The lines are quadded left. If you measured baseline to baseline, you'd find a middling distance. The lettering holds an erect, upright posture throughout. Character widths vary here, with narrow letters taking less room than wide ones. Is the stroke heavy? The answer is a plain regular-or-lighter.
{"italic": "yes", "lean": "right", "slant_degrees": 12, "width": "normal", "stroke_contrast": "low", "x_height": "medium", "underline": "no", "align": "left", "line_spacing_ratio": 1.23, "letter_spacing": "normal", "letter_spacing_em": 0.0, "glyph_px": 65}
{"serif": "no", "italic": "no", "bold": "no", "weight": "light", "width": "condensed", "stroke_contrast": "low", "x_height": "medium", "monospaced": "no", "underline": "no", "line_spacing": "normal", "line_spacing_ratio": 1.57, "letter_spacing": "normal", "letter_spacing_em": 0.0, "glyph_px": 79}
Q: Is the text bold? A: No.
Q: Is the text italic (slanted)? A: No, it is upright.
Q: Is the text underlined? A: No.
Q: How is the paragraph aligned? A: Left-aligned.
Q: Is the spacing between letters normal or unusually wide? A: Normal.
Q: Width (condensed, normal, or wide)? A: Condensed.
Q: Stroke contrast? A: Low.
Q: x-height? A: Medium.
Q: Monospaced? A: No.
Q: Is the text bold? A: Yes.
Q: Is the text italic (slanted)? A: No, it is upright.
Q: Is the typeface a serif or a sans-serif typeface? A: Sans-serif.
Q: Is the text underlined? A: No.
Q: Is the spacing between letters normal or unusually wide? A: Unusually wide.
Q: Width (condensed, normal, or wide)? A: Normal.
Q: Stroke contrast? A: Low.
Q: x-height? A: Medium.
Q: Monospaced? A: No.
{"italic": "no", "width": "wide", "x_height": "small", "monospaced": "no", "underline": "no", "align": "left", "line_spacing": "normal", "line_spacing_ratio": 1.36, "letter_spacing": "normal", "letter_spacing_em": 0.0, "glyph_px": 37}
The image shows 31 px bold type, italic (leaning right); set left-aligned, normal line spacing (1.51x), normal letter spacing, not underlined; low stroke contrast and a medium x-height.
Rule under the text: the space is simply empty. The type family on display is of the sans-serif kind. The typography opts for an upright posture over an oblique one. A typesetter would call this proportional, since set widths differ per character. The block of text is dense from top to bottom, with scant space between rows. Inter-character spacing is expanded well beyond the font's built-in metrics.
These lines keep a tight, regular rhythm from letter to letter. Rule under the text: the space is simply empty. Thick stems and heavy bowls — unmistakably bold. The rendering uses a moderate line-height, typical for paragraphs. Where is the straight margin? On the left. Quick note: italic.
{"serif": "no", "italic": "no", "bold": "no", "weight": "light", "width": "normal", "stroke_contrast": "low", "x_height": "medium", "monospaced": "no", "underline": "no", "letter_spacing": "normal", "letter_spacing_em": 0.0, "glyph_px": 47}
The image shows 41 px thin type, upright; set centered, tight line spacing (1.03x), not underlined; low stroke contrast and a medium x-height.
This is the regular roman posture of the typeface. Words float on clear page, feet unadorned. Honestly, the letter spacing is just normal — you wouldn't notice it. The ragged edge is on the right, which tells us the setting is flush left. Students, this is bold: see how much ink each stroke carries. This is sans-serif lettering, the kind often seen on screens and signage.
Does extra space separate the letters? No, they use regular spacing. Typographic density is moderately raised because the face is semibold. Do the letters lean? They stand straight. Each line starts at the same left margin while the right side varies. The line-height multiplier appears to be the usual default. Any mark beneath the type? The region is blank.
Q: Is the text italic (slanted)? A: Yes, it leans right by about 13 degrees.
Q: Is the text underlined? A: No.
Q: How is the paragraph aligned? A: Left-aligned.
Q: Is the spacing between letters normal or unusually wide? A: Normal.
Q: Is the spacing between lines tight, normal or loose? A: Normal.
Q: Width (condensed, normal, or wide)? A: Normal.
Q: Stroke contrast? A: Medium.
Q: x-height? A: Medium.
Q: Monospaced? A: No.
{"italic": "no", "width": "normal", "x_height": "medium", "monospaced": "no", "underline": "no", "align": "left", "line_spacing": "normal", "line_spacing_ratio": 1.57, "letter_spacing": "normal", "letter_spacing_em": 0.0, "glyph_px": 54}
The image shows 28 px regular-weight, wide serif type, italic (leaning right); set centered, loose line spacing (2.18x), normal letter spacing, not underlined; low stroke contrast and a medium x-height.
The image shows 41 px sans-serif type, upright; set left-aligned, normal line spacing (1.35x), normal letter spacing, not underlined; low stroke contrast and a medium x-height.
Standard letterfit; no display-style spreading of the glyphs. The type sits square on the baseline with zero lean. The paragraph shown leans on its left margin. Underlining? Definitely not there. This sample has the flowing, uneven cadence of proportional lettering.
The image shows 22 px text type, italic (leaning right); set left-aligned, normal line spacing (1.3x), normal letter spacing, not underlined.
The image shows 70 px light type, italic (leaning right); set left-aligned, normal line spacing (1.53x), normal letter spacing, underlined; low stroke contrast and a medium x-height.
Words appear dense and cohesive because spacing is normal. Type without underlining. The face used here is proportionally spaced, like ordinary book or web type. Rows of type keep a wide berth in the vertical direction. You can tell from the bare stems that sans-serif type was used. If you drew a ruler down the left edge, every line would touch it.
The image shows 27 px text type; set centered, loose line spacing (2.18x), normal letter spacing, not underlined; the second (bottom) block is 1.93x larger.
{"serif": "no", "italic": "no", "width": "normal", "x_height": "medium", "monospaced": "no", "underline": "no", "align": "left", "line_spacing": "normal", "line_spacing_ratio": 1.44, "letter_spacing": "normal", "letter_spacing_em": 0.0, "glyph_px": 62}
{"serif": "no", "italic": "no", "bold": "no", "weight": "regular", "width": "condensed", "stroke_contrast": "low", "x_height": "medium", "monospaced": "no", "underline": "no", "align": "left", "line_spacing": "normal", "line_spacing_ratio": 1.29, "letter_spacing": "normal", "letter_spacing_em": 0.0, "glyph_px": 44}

---+---

**What you will do**. Gather each line in the entries above where the string "typeface" is found.

**Final answer**.
Q: Is the typeface a serif or a sans-serif typeface? A: Sans-serif.
This is the regular roman posture of the typeface. Words float on clear page, feet unadorned. Honestly, the letter spacing is just normal — you wouldn't notice it. The ragged edge is on the right, which tells us the setting is flush left. Students, this is bold: see how much ink each stroke carries. This is sans-serif lettering, the kind often seen on screens and signage.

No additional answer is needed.